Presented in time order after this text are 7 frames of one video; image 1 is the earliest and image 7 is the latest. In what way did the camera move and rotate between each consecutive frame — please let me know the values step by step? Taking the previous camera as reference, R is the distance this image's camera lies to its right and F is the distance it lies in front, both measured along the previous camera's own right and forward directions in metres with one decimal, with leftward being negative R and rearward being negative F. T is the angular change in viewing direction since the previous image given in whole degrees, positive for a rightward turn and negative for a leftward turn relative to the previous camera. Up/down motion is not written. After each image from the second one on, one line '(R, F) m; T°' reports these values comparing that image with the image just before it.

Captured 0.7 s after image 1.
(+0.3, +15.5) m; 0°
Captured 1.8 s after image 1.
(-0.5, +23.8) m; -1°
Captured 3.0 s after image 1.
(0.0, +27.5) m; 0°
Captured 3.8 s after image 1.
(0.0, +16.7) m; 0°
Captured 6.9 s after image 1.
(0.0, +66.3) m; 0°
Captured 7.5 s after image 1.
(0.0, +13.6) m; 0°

^^^^

- [Problem details]:
Repeat the entries exactly, all of them.

- [Exercise answer]:
Presented in time order after this text are 7 frames of one video; image 1 is the earliest and image 7 is the latest. In what way did the camera move and rotate between each consecutive frame — please let me know the values step by step? Taking the previous camera as reference, R is the distance this image's camera lies to its right and F is the distance it lies in front, both measured along the previous camera's own right and forward directions in metres with one decimal, with leftward being negative R and rearward being negative F. T is the angular change in viewing direction since the previous image given in whole degrees, positive for a rightward turn and negative for a leftward turn relative to the previous camera. Up/down motion is not written. After each image from the second one on, one line '(R, F) m; T°' reports these values comparing that image with the image just before it.

Captured 0.7 s after image 1.
(+0.3, +15.5) m; 0°
Captured 1.8 s after image 1.
(-0.5, +23.8) m; -1°
Captured 3.0 s after image 1.
(0.0, +27.5) m; 0°
Captured 3.8 s after image 1.
(0.0, +16.7) m; 0°
Captured 6.9 s after image 1.
(0.0, +66.3) m; 0°
Captured 7.5 s after image 1.
(0.0, +13.6) m; 0°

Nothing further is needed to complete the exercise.